SeaBreeze, you get drop downs in FireFox, the main address
bar has a drop-down that shows all of the recent places that
you visited, that is always there.

There is also a search facility with another drop-down menu
if you want to use it, you can search the net or your own
computer with it.

I attach a picture about the search place.

Mike.


----------



## Ken N Tx (Feb 4, 2017)

This is how my Browser looks...It has just about everything that I need at the click of the mouse..I also have it set to when I exit the browser, all my history is deleted. I have Ad Block and Ghostry plug ins installed. I have Bing Search as my choice of Search Engine.
Youtube and other websites are stored in "Bookmarks drop down menu"
.


----------



## kburra (Feb 4, 2017)

Don M. said:


> Perhaps the best, and safest place to download Software is CNET.  Here is their "Browser" download page.
> 
> http://download.cnet.com/s/browsers/windows/



Yikes no no no,CNET is the worse place to download anything,unless you are careful and use all the opt out options when installing from there...Google "Is CNET safe" for more proof>>>the best place to download anything is   https://ninite.com/  all you get is the install EXE and NOTHING else,no Babylon Toolbar or trial programs attached or any other rubbish...please don`t use CNET .Com!!


----------



## SeaBreeze (Feb 6, 2017)

Thanks again to everyone for your advice! :thanks:  I just downloaded Firefox from their own website https://www.mozilla.org/en-US/firefox/new/, and so far am very happy with it.  I don't have the problem with viewing videos like I did with the IE11.  Also, I was able to load my Norton Safe Search toolbar there, Edge browser would not allow that.  I also have the bookmarks dropdown menu like Ken was good enough to show me in his screenshot, and I love having that so visible like in IE. :happy:


----------



## Wilberforce (Feb 6, 2017)

Well I have the black boxes too but have no clue what you are all talking about..Edge.Firefox??? Totally beyond me. I use Google to look on the net and I have Norton for protection..so how do I get past the black boxes please. Please bear in mind I am useless on a computer .


----------



## kburra (Feb 6, 2017)

Edge,Internet Explorer,Chrome,Firefox are Web Browsers what you use to access the Internet this site included...GOOGLE is a search engine used by those browsers if wish...to know what browser you use when on this site for instance,at the top click Help/About......will tell you......can post back and tell us if wish...or can go to the link provided and download Firefox Browser,and once installed  use it to access the Net,can always use your present broser if don`t like it...good luck
https://www.mozilla.org/en-US/firefox/new/


----------



## Ken N Tx (Feb 7, 2017)

SeaBreeze said:


> Thanks again to everyone for your advice! :thanks:  I just downloaded Firefox from their own website https://www.mozilla.org/en-US/firefox/new/, and so far am very happy with it.  I don't have the problem with viewing videos like I did with the IE11.  Also, I was able to load my Norton Safe Search toolbar there, Edge browser would not allow that.  I also have the bookmarks dropdown menu like Ken was good enough to show me in his screenshot, and I love having that so visible like in IE. :happy:



Enjoy....It may take a little to get used to it..


----------



## SeaBreeze (Feb 7, 2017)

Ken N Tx said:


> Enjoy....It may take a little to get used to it..

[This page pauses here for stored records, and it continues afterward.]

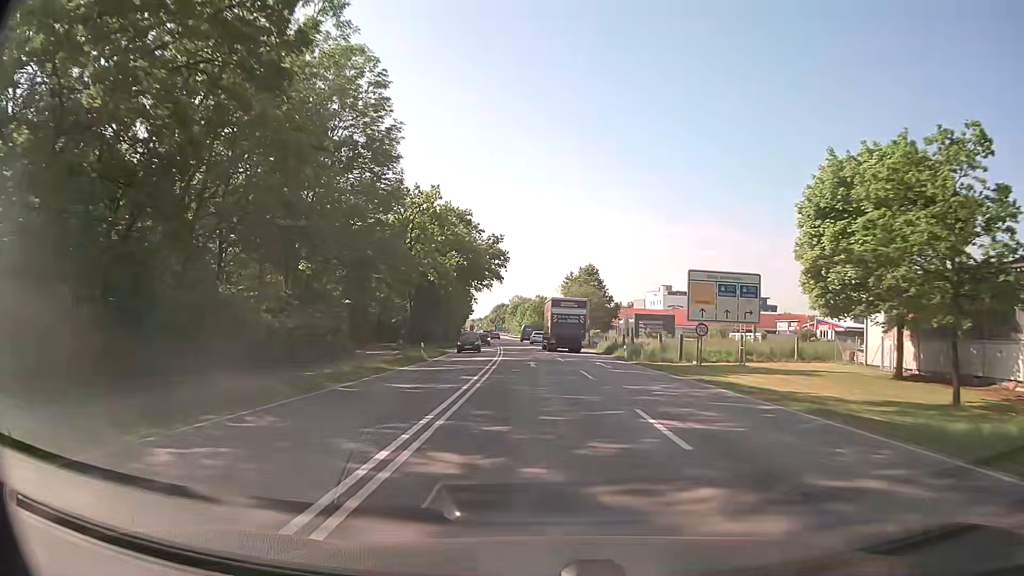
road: secondary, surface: asphalt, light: Day
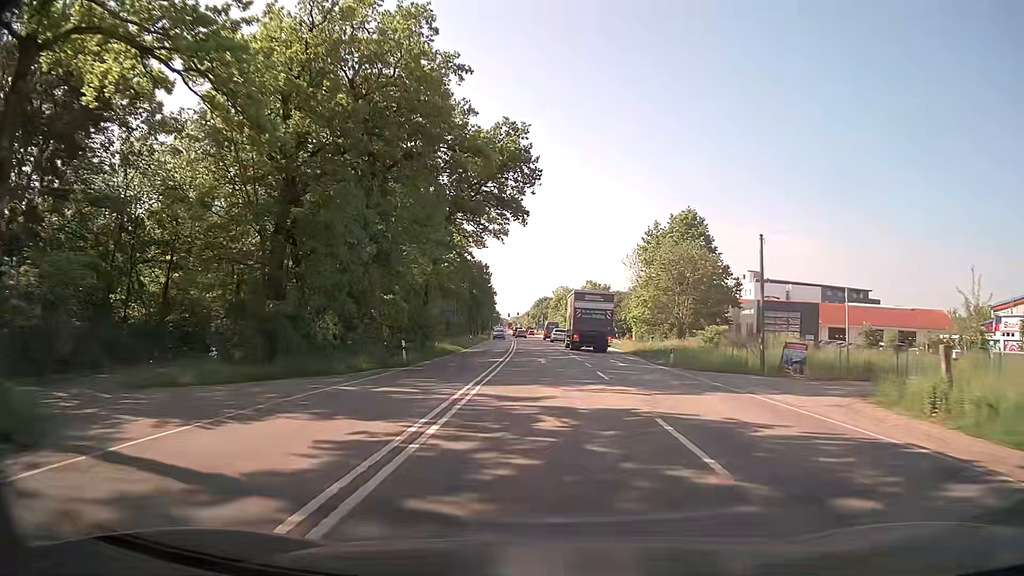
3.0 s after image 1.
(-1.1, +50.4) m; -3°
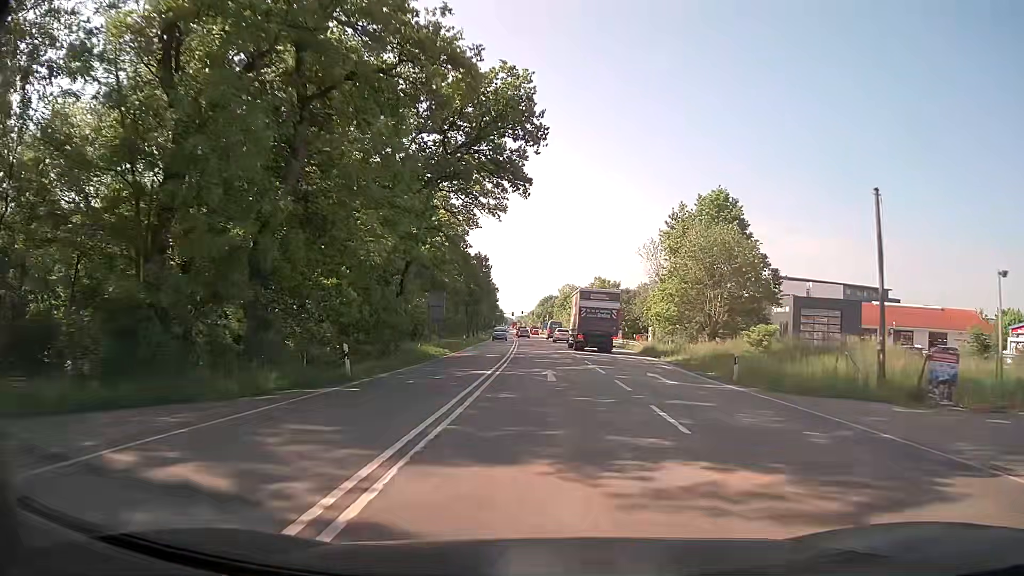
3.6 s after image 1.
(-0.1, +9.5) m; -1°
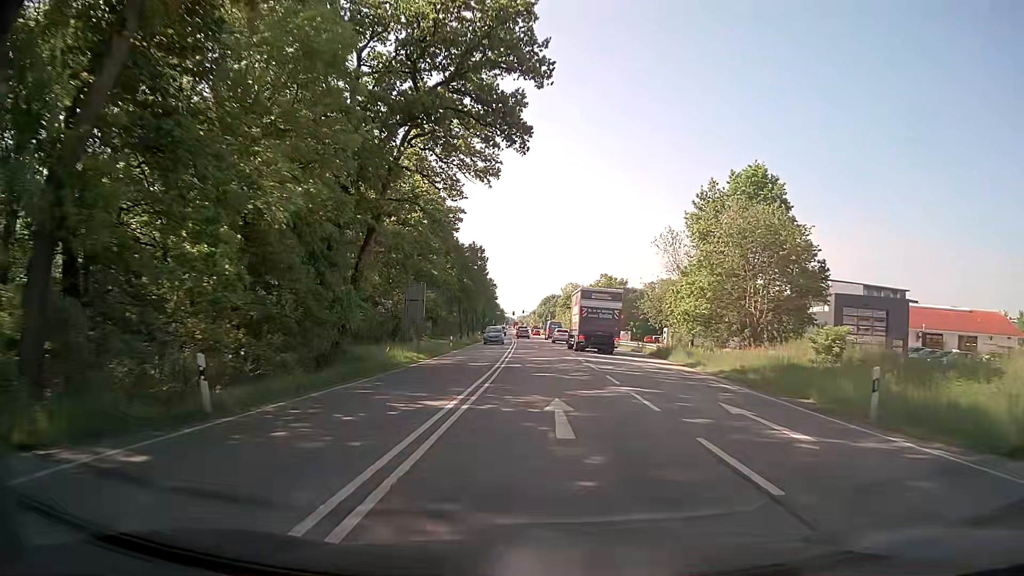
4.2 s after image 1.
(0.0, +9.1) m; 0°
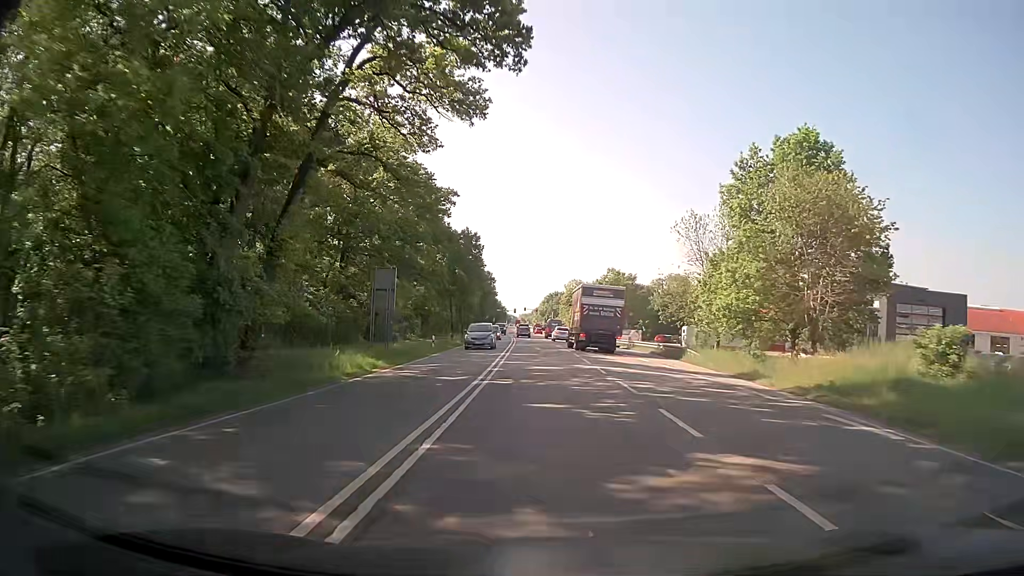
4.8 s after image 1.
(0.0, +8.8) m; 0°
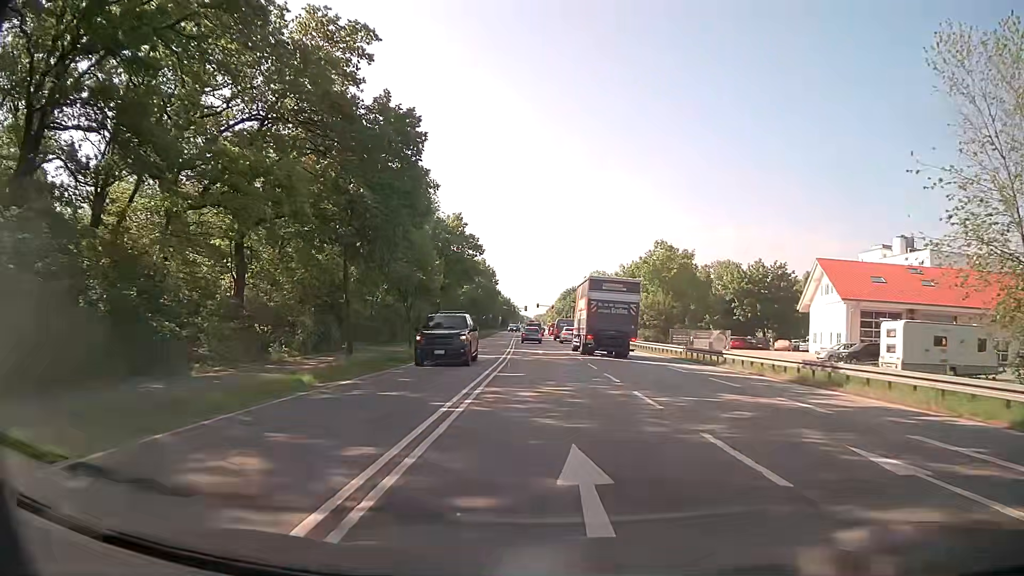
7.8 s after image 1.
(-0.7, +38.2) m; -2°
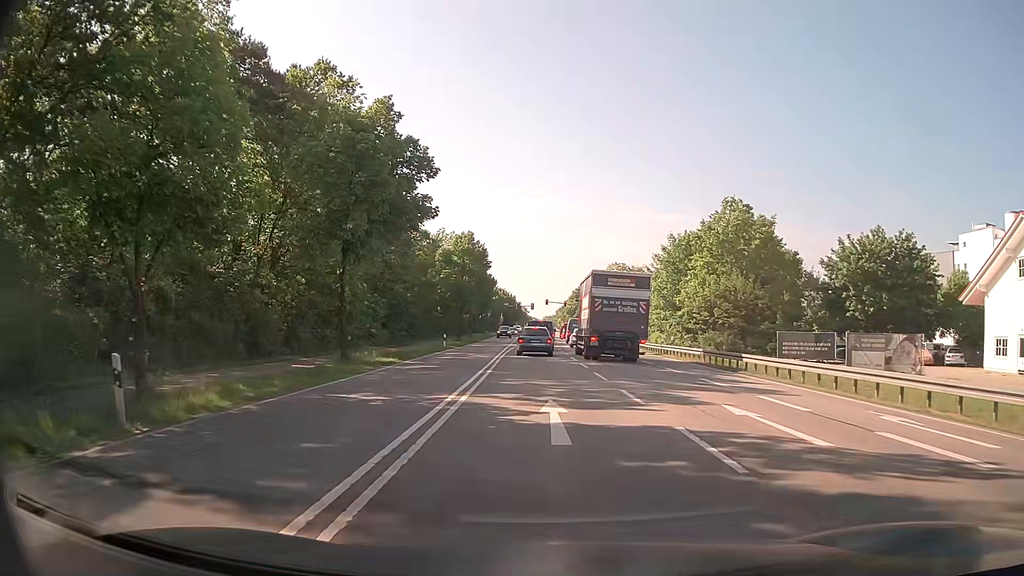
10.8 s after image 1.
(-0.1, +28.8) m; -1°
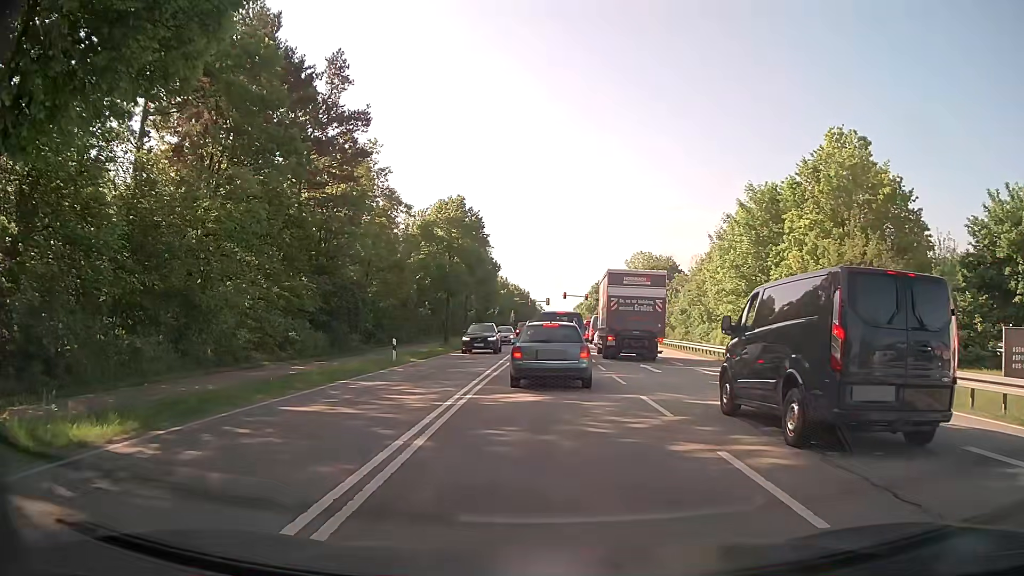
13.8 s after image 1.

Thanks Ken, I'm enjoying it already.  Much friendlier and less restrictive like Edge is.


----------



## Wilberforce (Feb 7, 2017)

I can't find a help/about button at the top


----------



## kburra (Feb 7, 2017)

Jeannine said:


> I can't find a help/about button at the top



Click this link:   http://www.whatsmybrowser.org/


----------



## Wilberforce (Feb 7, 2017)

Thank you, it seems I am using Internet Explorer 11


----------



## SeaBreeze (Feb 8, 2017)

Update:  Logged on with IE11 today and I can view the videos just fine again, so I figure it was some kind of a glitch with Internet Explorer.  I'm still going to continue using Firefox though, IE did have some other issues too.


----------



## NancyNGA (Feb 23, 2017)

The  videos seem to be working again for me with IE11.  Don't know when it started because I've been using Edge lately.   Anyone else?

(I know, I should change browsers, and I will, eventually, but I'm downloading some stuff right now that I want to take care of first.)

Oops.  Sorry I didn't see your post SeaBreeze.  It took me a long time just to find this old thread.  Ha!


----------



## SeaBreeze (Feb 23, 2017)

I noticed the change with IE when I posted the above post on Feb. 8th.  Don't know what the problem was before that, but it's gone.


----------